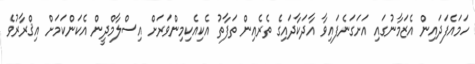
ހަމައެފަދައިން އެޒަމާނުގައި އަށަގަނެފައިވާ އާދަކާދައިގެ ތެރެއިން ތަފާތު އެކިއެކިމިންވަރަށް އިސްލާމްދީން އެކަންކަމަށް އިޤްރާރުވެ
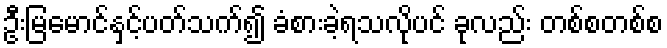
ဦးမြမောင်နှင့်ပတ်သက်၍ ခံစားခဲ့ရသလိုပင် ခုလည်း တစ်စတစ်စ
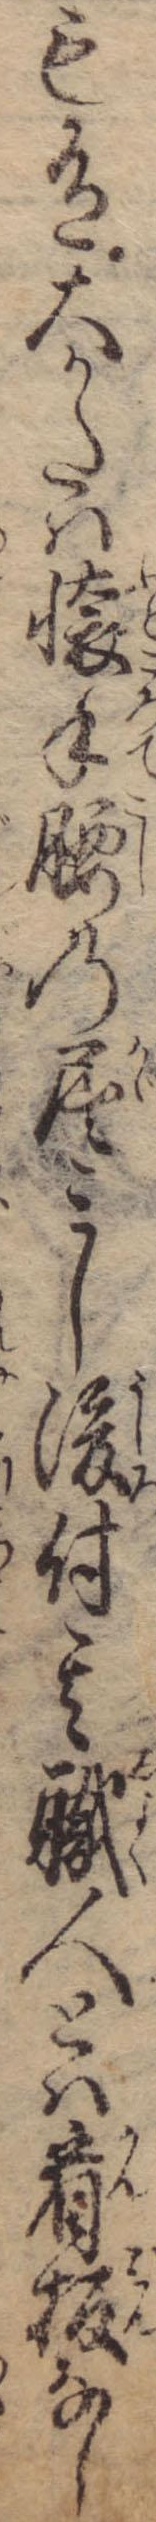
も有大かたは懐手腰の屈みし後付其職人とは看板なし
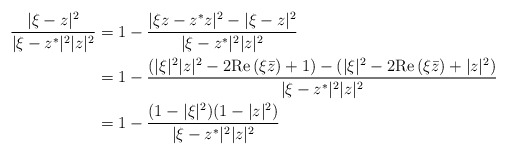
\begin{align*} \frac{|\xi-z|^2}{|\xi-z^*|^2|z|^2} &=1-\frac{|\xi z-z^*z|^2-|\xi-z|^2}{|\xi-z^*|^2|z|^2} \\ &=1-\frac{(|\xi|^2|z|^2-2 {\rm Re}\, (\xi \bar z) +1)- (|\xi|^2- 2 {\rm Re}\,(\xi \bar z) +|z|^2)}{|\xi-z^*|^2|z|^2} \\ &= 1-\frac{(1-|\xi|^2)(1-|z|^2)}{|\xi-z^*|^2|z|^2} \end{align*}
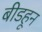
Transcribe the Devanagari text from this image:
बीडहून
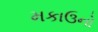
મકાઉનો
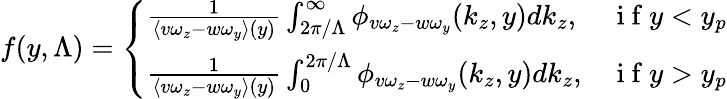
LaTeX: f(y,\Lambda)=\left\{ \begin{array}{ll}{\frac{1}{\langle v\omega_{z}-w\omega_{y}\rangle(y)}\int_{2\pi/\Lambda}^{\infty}\phi_{v\omega_{z}-w\omega_{y}}(k_{z},y)dk_{z},}&{\mathrm{~i~f~}y<y_{p}}\\ {\frac{1}{\langle v\omega_{z}-w\omega_{y}\rangle(y)}\int_{0}^{2\pi/\Lambda}\phi_{v\omega_{z}-w\omega_{y}}(k_{z},y)dk_{z},}&{\mathrm{~i~f~}y>y_{p}}\end{array}\right.
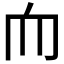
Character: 𦓐
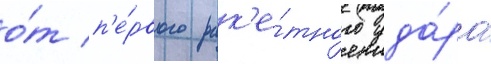
о́т п'е́рвого рак'е́тного уда́ра
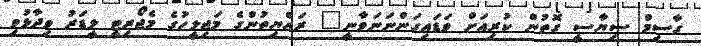
ގާސިމް ސިޔާސީ ގޮތުން ކުރިއަަށް ވަޑައިގަންނަނަވާނީ" ރައްޔިތުންގެ މަޖިލީހުގެ މެޖޯރިޓީ ލީޑަރު ވިދާޅުވި
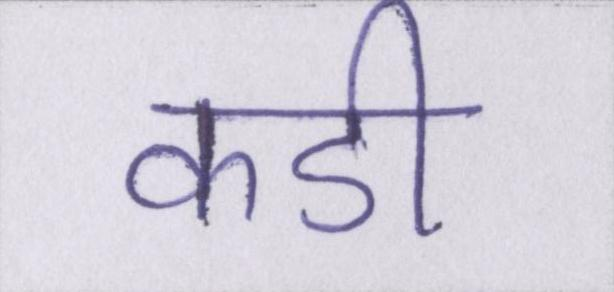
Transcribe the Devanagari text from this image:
कडी
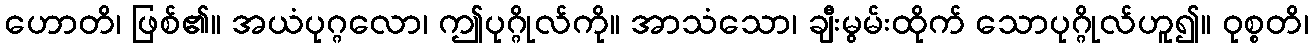
ဟောတိ၊ ဖြစ်၏။ အယံပုဂ္ဂလော၊ ဤပုဂ္ဂိုလ်ကို။ အာသံသော၊ ချီးမွမ်းထိုက် သောပုဂ္ဂိုလ်ဟူ၍။ ဝုစ္စတိ၊
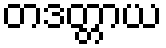
တဒတ္တာယ
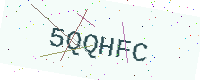
Text: 5QQHFC
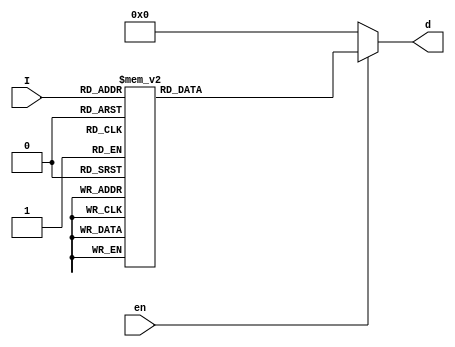
`timescale 1ns / 1ps
//////////////////////////////////////////////////////////////////////////////////
// Company: 
// 
// Design Name: 
// Module Name: decoder_3x8
// Project Name: 
// Target Devices: 
// Tool Versions: 
// Description: 
// 
// Dependencies: 
// 
// Revision:
// Revision 0.01 - File Created
// Additional Comments:
// 
//////////////////////////////////////////////////////////////////////////////////


module decoder_3x8 (input [2:0] I,
                    input en,
                    output reg [7:0] d
                    );
       always @(*) begin
        if (en == 0)
            d = 8'b0;
        else begin
            case(I)
              3'b000 : d = 8'b0000_0001;
              3'b001 : d = 8'b0000_0010;
              3'b010 : d = 8'b0000_0100;
              3'b011 : d = 8'b0000_1000;
              3'b100 : d = 8'b0001_0000;
              3'b101 : d = 8'b0010_0000;
              3'b110 : d = 8'b0100_0000;
              3'b111 : d = 8'b1000_0000;
              default: d = 8'b0;
            endcase
        end
       end
      
endmodule
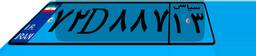
۱۷D۲۸۶۷۴

______________________________

Task description: Repeat the lines above, starting at the first and stopping after the line that holds "3'b001 : d = 8'b0000_0010;", with the pictures left out.

Answer section:
ހަމައެފަދައިން އެޒަމާނުގައި އަށަގަނެފައިވާ އާދަކާދައިގެ ތެރެއިން ތަފާތު އެކިއެކިމިންވަރަށް އިސްލާމްދީން އެކަންކަމަށް އިޤްރާރުވެ
ဦးမြမောင်နှင့်ပတ်သက်၍ ခံစားခဲ့ရသလိုပင် ခုလည်း တစ်စတစ်စ
も有大かたは懐手腰の屈みし後付其職人とは看板なし
\begin{align*} \frac{|\xi-z|^2}{|\xi-z^*|^2|z|^2} &=1-\frac{|\xi z-z^*z|^2-|\xi-z|^2}{|\xi-z^*|^2|z|^2} \\ &=1-\frac{(|\xi|^2|z|^2-2 {\rm Re}\, (\xi \bar z) +1)- (|\xi|^2- 2 {\rm Re}\,(\xi \bar z) +|z|^2)}{|\xi-z^*|^2|z|^2} \\ &= 1-\frac{(1-|\xi|^2)(1-|z|^2)}{|\xi-z^*|^2|z|^2} \end{align*}
Transcribe the Devanagari text from this image:
बीडहून
મકાઉનો
LaTeX: f(y,\Lambda)=\left\{ \begin{array}{ll}{\frac{1}{\langle v\omega_{z}-w\omega_{y}\rangle(y)}\int_{2\pi/\Lambda}^{\infty}\phi_{v\omega_{z}-w\omega_{y}}(k_{z},y)dk_{z},}&{\mathrm{~i~f~}y<y_{p}}\\ {\frac{1}{\langle v\omega_{z}-w\omega_{y}\rangle(y)}\int_{0}^{2\pi/\Lambda}\phi_{v\omega_{z}-w\omega_{y}}(k_{z},y)dk_{z},}&{\mathrm{~i~f~}y>y_{p}}\end{array}\right.
Character: 𦓐
о́т п'е́рвого рак'е́тного уда́ра
ގާސިމް ސިޔާސީ ގޮތުން ކުރިއަަށް ވަޑައިގަންނަނަވާނީ" ރައްޔިތުންގެ މަޖިލީހުގެ މެޖޯރިޓީ ލީޑަރު ވިދާޅުވި
Transcribe the Devanagari text from this image:
कडी
ဟောတိ၊ ဖြစ်၏။ အယံပုဂ္ဂလော၊ ဤပုဂ္ဂိုလ်ကို။ အာသံသော၊ ချီးမွမ်းထိုက် သောပုဂ္ဂိုလ်ဟူ၍။ ဝုစ္စတိ၊
တဒတ္တာယ
Text: 5QQHFC
`timescale 1ns / 1ps
//////////////////////////////////////////////////////////////////////////////////
// Company: 
// 
// Design Name: 
// Module Name: decoder_3x8
// Project Name: 
// Target Devices: 
// Tool Versions: 
// Description: 
// 
// Dependencies: 
// 
// Revision:
// Revision 0.01 - File Created
// Additional Comments:
// 
//////////////////////////////////////////////////////////////////////////////////


module decoder_3x8 (input [2:0] I,
                    input en,
                    output reg [7:0] d
                    );
       always @(*) begin
        if (en == 0)
            d = 8'b0;
        else begin
            case(I)
              3'b000 : d = 8'b0000_0001;
              3'b001 : d = 8'b0000_0010;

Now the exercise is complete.